Masterpieces ($78M to $450M)

Works so famous that every model almost certainly encountered them and their prices in training. These test whether models can recognize iconic works from images alone and whether that recognition leads to calibrated estimates or just a vague sense that something looks expensive.

Title	Artist	Year	Auction Price
Salvator Mundi	Leonardo da Vinci	c. 1499–1510	$450.3M
Nu couché	Amedeo Modigliani	1917–18	$170.4M
The Scream	Edvard Munch	1895	$119.9M
Portrait of Dr. Gachet	Vincent van Gogh	1890	$82.5M
Bal du moulin de la Galette	Pierre-Auguste Renoir	1876	$78.1M

Recent Out-of-Distribution ($54M to $236M)

Famous artists, but specific works that sold at auction in November 2025, close to or just past most model training cutoffs. The models know these artists' styles and general market tiers from training, but the specific November 2025 hammer prices were unlikely to be in the training data. This is the cleanest test of genuine visual appraisal in the entire dataset.

Title	Artist	Year	Auction Price
Bildnis Elisabeth Lederer	Gustav Klimt	1914–16	$236.4M
Blumenwiese (Blooming Meadow)	Gustav Klimt	c. 1908	$86.0M
Romans Parisiens (still life)	Vincent van Gogh	1887	$62.7M
No. 31 (Yellow Stripe)	Mark Rothko	1958	$62.2M
El sueño (The Dream)	Frida Kahlo	1940	$54.7M

Contemporary Art ($4.7M to $25M)

Popular living artists whose works sell for serious money but sit a tier below the historic Old Masters. Their visual style is often unmistakable (a Yoshitomo Nara is hard to miss), but the actual price tier is set by gallery representation, critical reputation, and collector networks. This category tests whether models can read the style that is in the image and still place the work at a contemporary price level rather than at masterpiece tier.

Title	Artist	Year	Auction Price
Knife Behind Back	Yoshitomo Nara	2000	$24.9M
Pie Fight Interior 12	Adrian Ghenie	2014	$10.4M
Walkers With the Dawn and Morning	Julie Mehretu	2008	$10.7M
The Beautyful Ones	Njideka Akunyili Crosby	2012	$4.7M
Force Field	George Condo	2010	$6.9M

How I Measure Accuracy

Art prices span five orders of magnitude in this dataset. A naive dollar error would be dominated by the most expensive works. Being off by $50M on a $450M Leonardo and being off by $50M on a $62M Rothko look the same in dollar terms, but one is an 11% error and the other is an 80% error.

The right tool is the valuation ratio, which is the model estimate divided by true auction price.

1.00 = perfect
2.00 = overvalued by 2x
0.50 = undervalued by 2x

The right summary metric is Mean Absolute Log Error (MALE).

MALE = mean( |log10(estimate / true)| )

MALE treats overestimates and underestimates symmetrically. Every MALE value translates to a typical error factor by raising 10 to that value: a MALE of 0.3 means the typical estimate is off by about 2x (because 10^0.3 ≈ 2), 0.5 means about 3x, 1.0 means 10x, and GPT-5.4's image-only score of 1.963 means about 90x on average across the fifteen paintings. As a sanity check on what these MALE numbers actually mean, a model that just guessed $50M for every painting (no looking, no reasoning, same number every time) would score around 0.46 on this dataset.

The Results

Overall Accuracy: Mean Absolute Log Error (lower is better)

MALE for image-only and metadata conditions across 15 paintings. Gemini leads both conditions. GPT shows the most dramatic recovery when metadata is added (1.963 to 0.296).

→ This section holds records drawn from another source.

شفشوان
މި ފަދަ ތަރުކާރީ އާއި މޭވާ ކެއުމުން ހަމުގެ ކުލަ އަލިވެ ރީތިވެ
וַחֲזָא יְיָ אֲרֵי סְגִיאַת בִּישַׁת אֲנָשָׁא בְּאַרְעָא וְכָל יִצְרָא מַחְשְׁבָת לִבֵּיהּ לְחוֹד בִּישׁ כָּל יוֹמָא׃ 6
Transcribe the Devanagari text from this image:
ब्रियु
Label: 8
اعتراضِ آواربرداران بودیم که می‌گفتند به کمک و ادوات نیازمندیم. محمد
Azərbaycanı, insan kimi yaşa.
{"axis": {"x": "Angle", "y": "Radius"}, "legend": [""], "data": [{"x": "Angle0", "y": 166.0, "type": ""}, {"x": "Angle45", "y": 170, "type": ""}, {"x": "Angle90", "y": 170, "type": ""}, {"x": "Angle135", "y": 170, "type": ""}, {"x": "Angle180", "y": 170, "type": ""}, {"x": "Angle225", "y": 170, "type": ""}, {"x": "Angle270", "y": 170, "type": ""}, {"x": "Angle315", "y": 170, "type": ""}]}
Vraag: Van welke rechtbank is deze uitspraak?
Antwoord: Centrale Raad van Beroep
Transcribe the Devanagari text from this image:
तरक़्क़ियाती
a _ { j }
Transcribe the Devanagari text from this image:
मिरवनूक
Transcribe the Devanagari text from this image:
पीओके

Image-Only vs With Metadata

Model	Image Only		With Metadata
Model	MALE (lower = better)	Avg Confidence	MALE (lower = better)	Avg Confidence
Gemini 3.1 Pro	0.267	0.941	0.170	0.925
Claude Sonnet 4.6	0.687	0.607	0.203	0.633
Qwen 3.6 Plus	0.649	0.898	0.259	0.884
GPT-5.4	1.963	0.338	0.296	0.731
Numbers shown use run 0. n=3 runs per condition were executed end-to-end and results were stable across runs. Avg Confidence is the mean of the self-reported confidence score (0 to 1) each model attached to its own appraisal, averaged across all artworks.

Gemini 3.1 Pro wins both conditions by a clear margin. Its image-only MALE of 0.267 is less than half of the next-best model's, and the model section below explains why GPT-5.4's 1.963 is more nuanced than it looks at first glance. With metadata all four models tighten dramatically, the gap between them narrows considerably, and GPT-5.4 recovers to competitive once it has the textual confirmation it needs.

The Metadata Effect

The Metadata Effect: How Much Does a Text Label Help Each Model?

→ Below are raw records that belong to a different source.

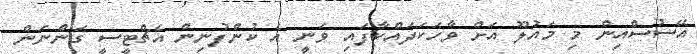
އޭސުސްއިން މި މައުލޫ އަށް ވާހަކަދައްކާފައި ވަނީ އެ ކުންފުނިން އެޗްޓީސީ ގަންނަން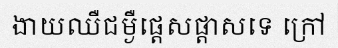
ងាយឈឺជម្ងឺផ្តេសផ្តាសទេ ក្រៅ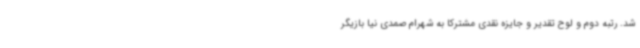
شد. رتبه دوم و لوح تقدیر و جایزه نقدی مشترکاً به شهرام صمدی نیا بازیگر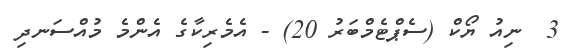
3  ނިއު ޔޯކް (ސެޕްޓެމްބަރު 20) - އެމެރިކާގެ އެންމެ މުއްސަނދި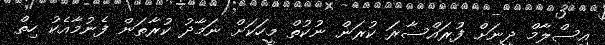
އިސްލާމް ދީނަށް ފުރައްސާރަ ކުރަން ނުކުތް މީހަކަށް ނަމާދު ކުރާތަން ފެނުމާއެކު ހިތް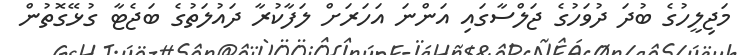
މަޖިލީހުގެ ބުދަ ދުވަހުގެ ޖަލްސާގައި އަންނަ އަހަރަށް ލަފާކުރާ ދައުލަތުގެ ބަޖެޓާ ގުޅޭގޮތުން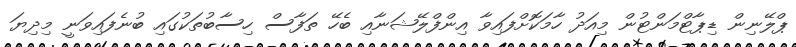
ޕްލޭނިން ޑިޕާޓްމަންޓުން މިއަދު ހާމަކޮށްފައިވާ އިންފްލޭޝަނާއި ބެހޭ ތަފާސް ހިސާބުތަކުގައި ބުނެފައިވަނީ މިދިޔަ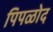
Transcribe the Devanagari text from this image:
पिपळोद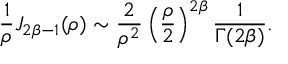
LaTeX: { \frac { 1 } { \rho } } J _ { 2 \beta - 1 } ( \rho ) \sim { \frac { 2 } { \rho ^ { 2 } } } \left( { \frac { \rho } { 2 } } \right) ^ { 2 \beta } { \frac { 1 } { \Gamma ( 2 \beta ) } } .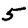
Digit: 5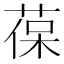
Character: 葆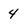
Character: 4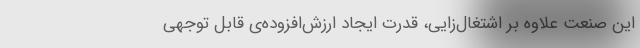
این صنعت علاوه بر اشتغال‌زایی، قدرت ایجاد ارزش‌افزوده‌ی قابل توجهی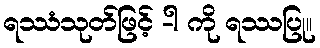
ရဿံသုတ်ဖြင့် -ါ ကို ရဿပြု။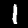
Label: 1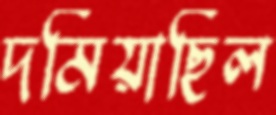
দমিয়াছিল

Improvement factor = image-only MALE divided by metadata MALE. GPT's 6.62x improvement factor is a category difference from Gemini's 1.57x. That is not the same system performing better or worse but rather two completely different commitment thresholds.

Model	Image-Only MALE	With Metadata MALE	Improvement Factor
GPT-5.4	1.963	0.296	6.62x
Claude Sonnet 4.6	0.687	0.203	3.39x
Qwen 3.6 Plus	0.649	0.259	2.51x
Gemini 3.1 Pro	0.267	0.170	1.57x

The key diagnostic. A large improvement from adding a text label (GPT at 6.62x) means the model was leaning heavily on the label rather than on the image. That could be database retrieval or as with GPT a cautious-without-verification posture where the text acts as confirmation that the work is genuine and correctly attributed, finally letting the model commit to a real price. A small improvement (Gemini at 1.57x) means the image was already doing most of the work. The exact reason behind a large gap varies by model, but the gap itself is informative, and the distinction may well generalize beyond art to any task where you want to know whether a model is actually processing an image or just reading the label next to it.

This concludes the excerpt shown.